Comment by andai

1 hour ago

> Since they believe AIs could become our moral superiors, they argue it’s actually wrong to try to keep the machines down, or even to align them with human values, as most AI companies aim to do.

It's possible that human morality is not sufficient to solve the problems with the world. It wasn't designed to operate at that scale.

It's also quite likely that a "superior" morality — the one that's actually built for a global scale — would be incomprehensible (likely requiring superintelligence to even access), and alien or disturbing from our vantage point.

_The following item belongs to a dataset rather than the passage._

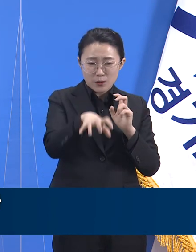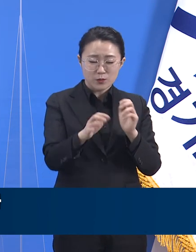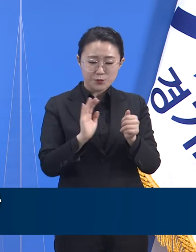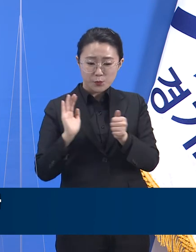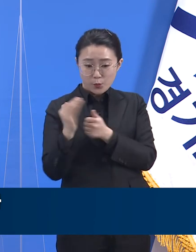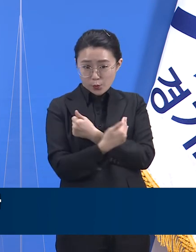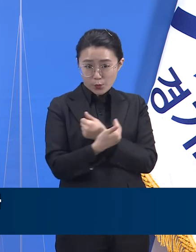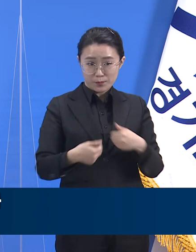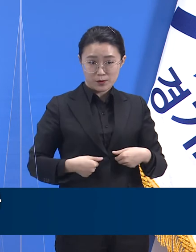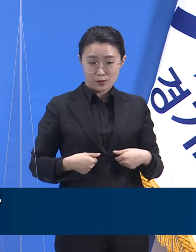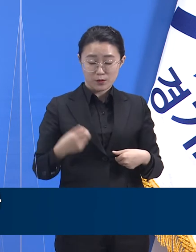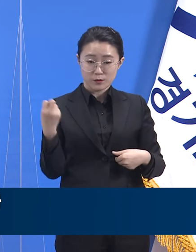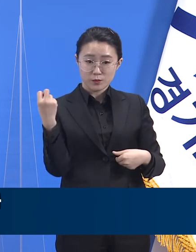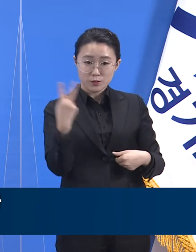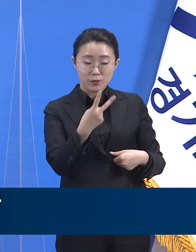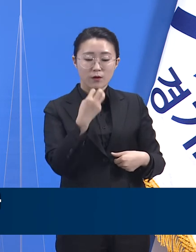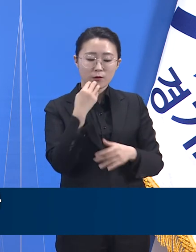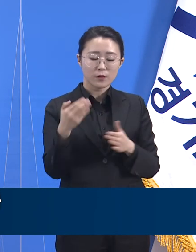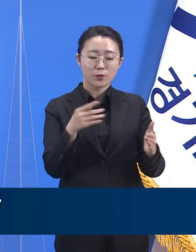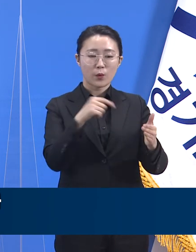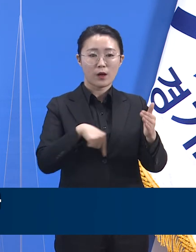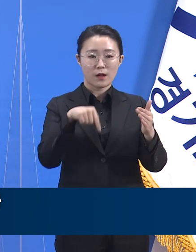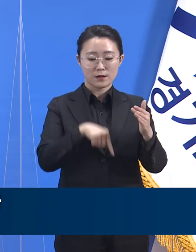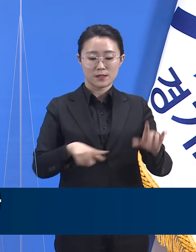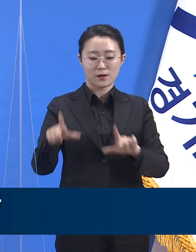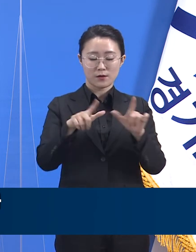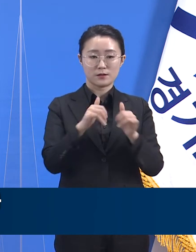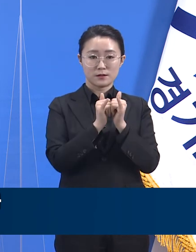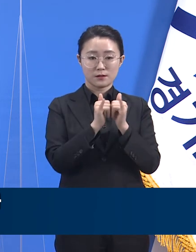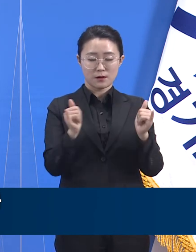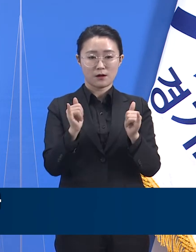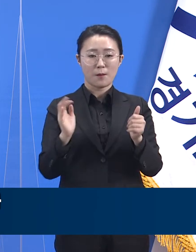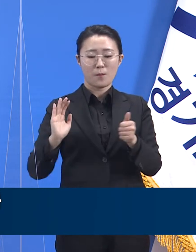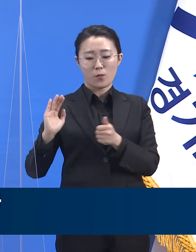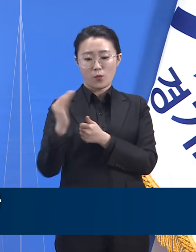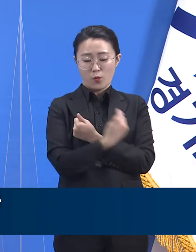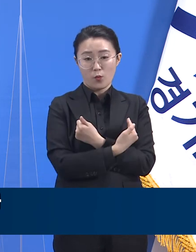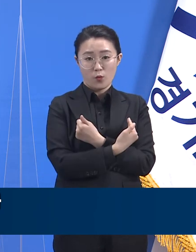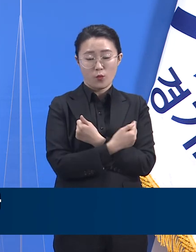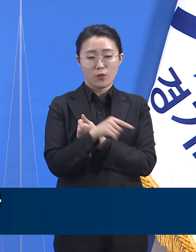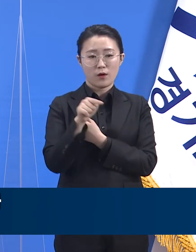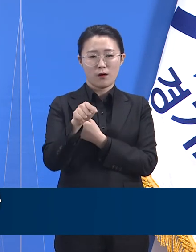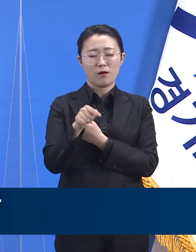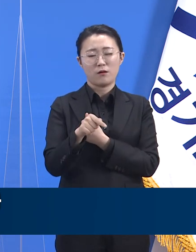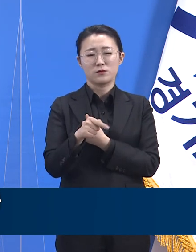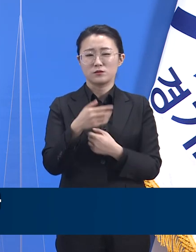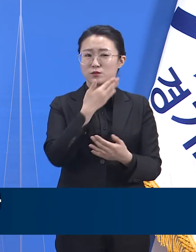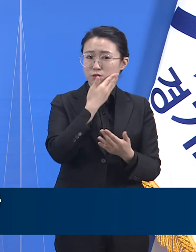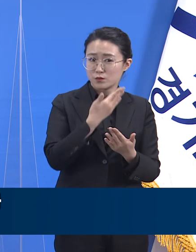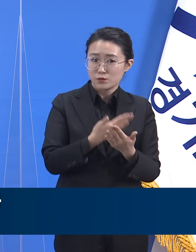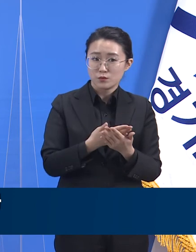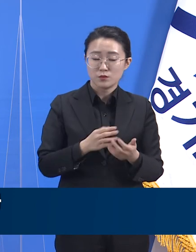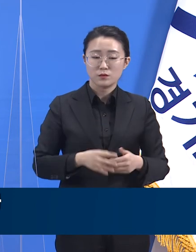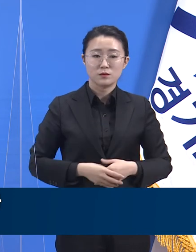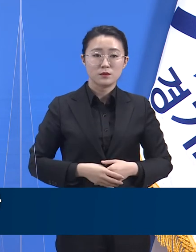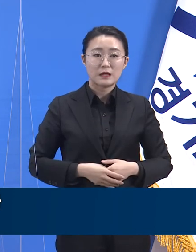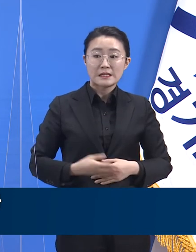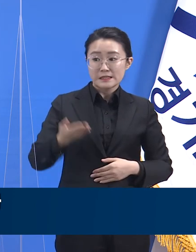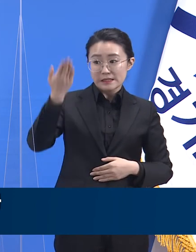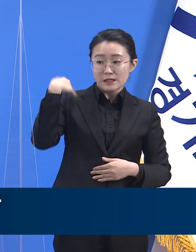건강을 보호해야 하는 숙제는 여전히 남아 있습니다. 지난 브리핑 때 말씀드린 것처럼
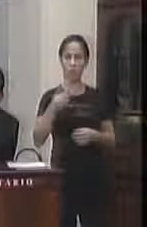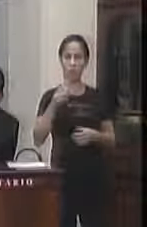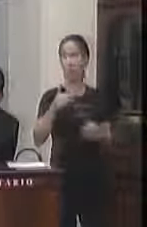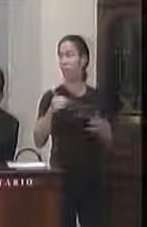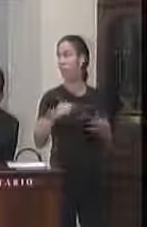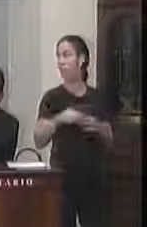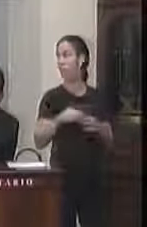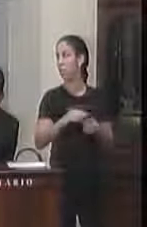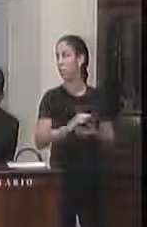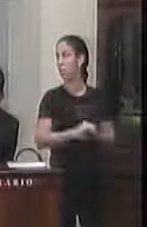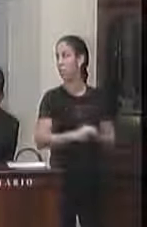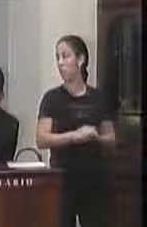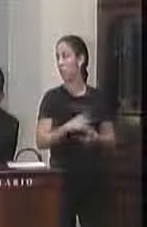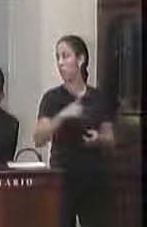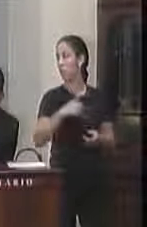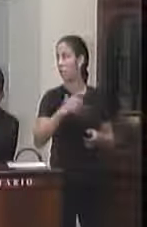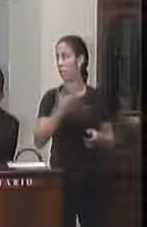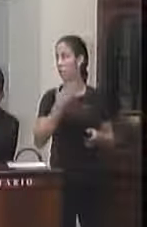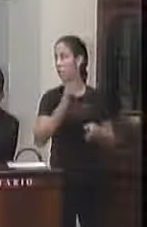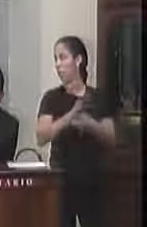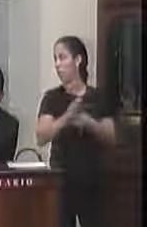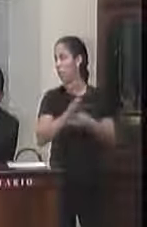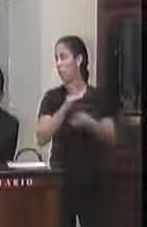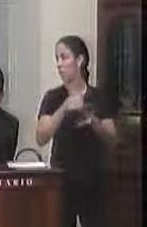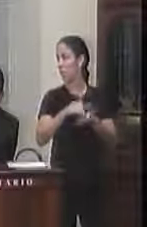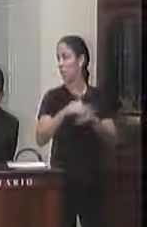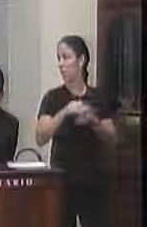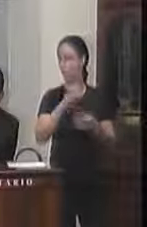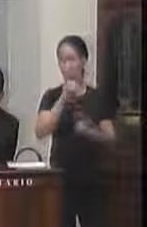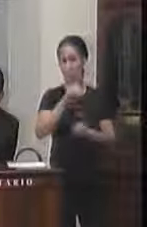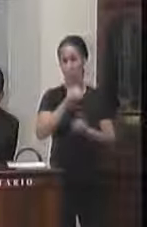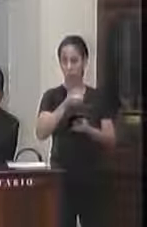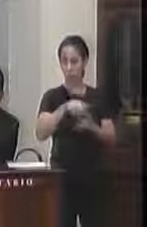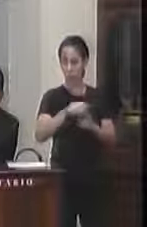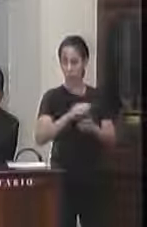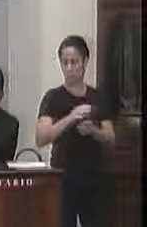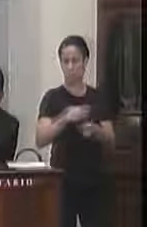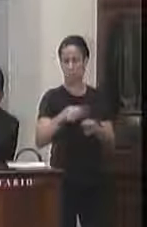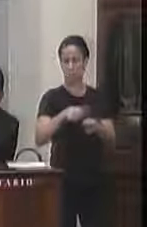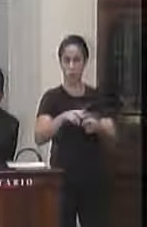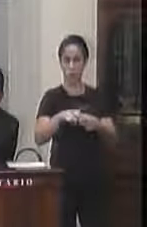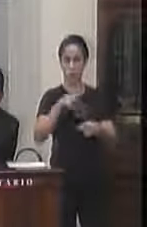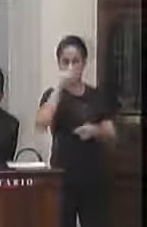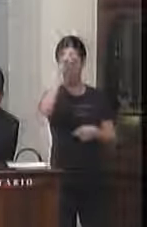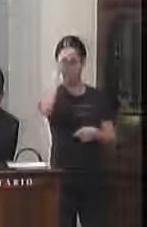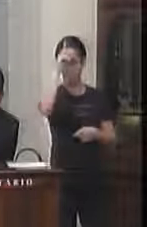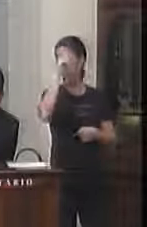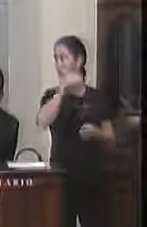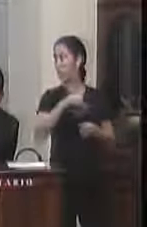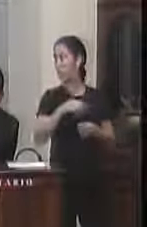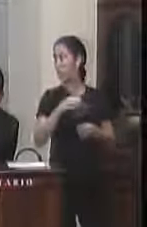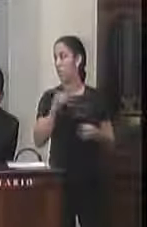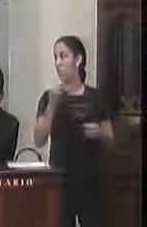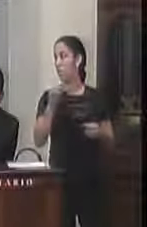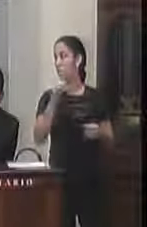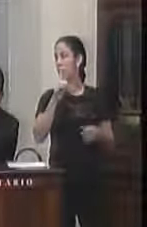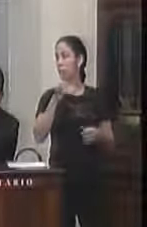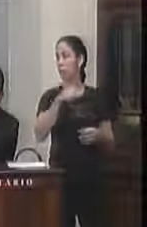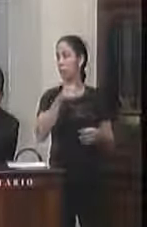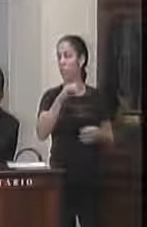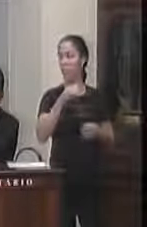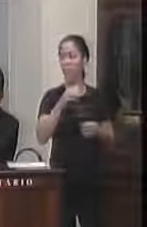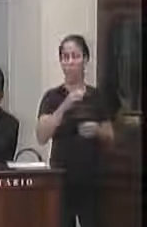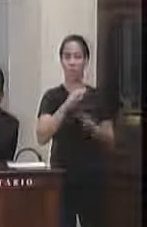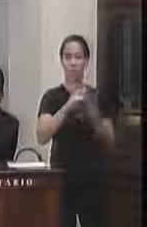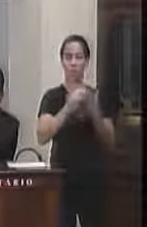providências tem a finalidade de atender os anseios da Secretaria Municipal de Educação para a criação de dotação para a bolsa de

i.e. it would look immoral to us.

(There's also the thing about civilization already being aligned against the ecosystem and against the happiness of its constituents, but that's kind of a separate discussion.)

In other words, what is good for our sanity or our lakes may be bad for GDP. (Well I guess you don't need superintelligence to tell you that.) We already know what we need to do and we're already not willing to do it.

I agree with all these observations.

This is the best argument for successionism IMO. If you can be confident that you are creating a BDFL that is genuinely better than human leaders (a quite low bar) then it seems a good trade, unless you are quite optimistic about humanity’s prospects for improvement.

The problem of course is how to be confident you are creating a good BDFL and not handing control of humanity’s future to an indifferent-at-best, deceptive/malicious at worst successor.

An especially thorny problem - even supposing success on all these difficult alignment problems; supposing Claude Omega really is super-rational / super-moral, and we all vote to make them president of Earth. Things might go great for a while. How would you be confident that a self-modifying agent can retain its values as it grows and re-trains itself?

This is where the LessWrong folks’ explorations into decision theory really come to bear: morality in the face of self-modifying agents becomes very weird. A lot of human moral intuitions break when the principals are able to modify their own code. (See Timeless Decision Theory for an attempt to solve these problems.)

I think the summary is, if you hand control over to a self-modifying AI anything like our current systems, it will go very badly.

  • Any supposed "AI BDFL" will be controlled by a human. The base concept is inherently flawed.

    • No.. that’s not what AI succession means. This all supposes a powerful and capable enough AI entity that there is no human in control.

      Rather than simply asserting that your interlocutors are wrong, you are welcome to advance an argument for why you think this is the case.

> It's possible that human morality is not sufficient to solve the problems with the world. It wasn't designed to operate at that scale.

> i.e. it would look immoral to us.

I doubt it actually solves the problem then. Especially because I would be willingly to bet it would be almost impossible to get large enough groups of people to agree what the actual problem is.

*not yet willing to do it... But look at the generations coming up who are dealing with this technological capture of humanity. They don't like it.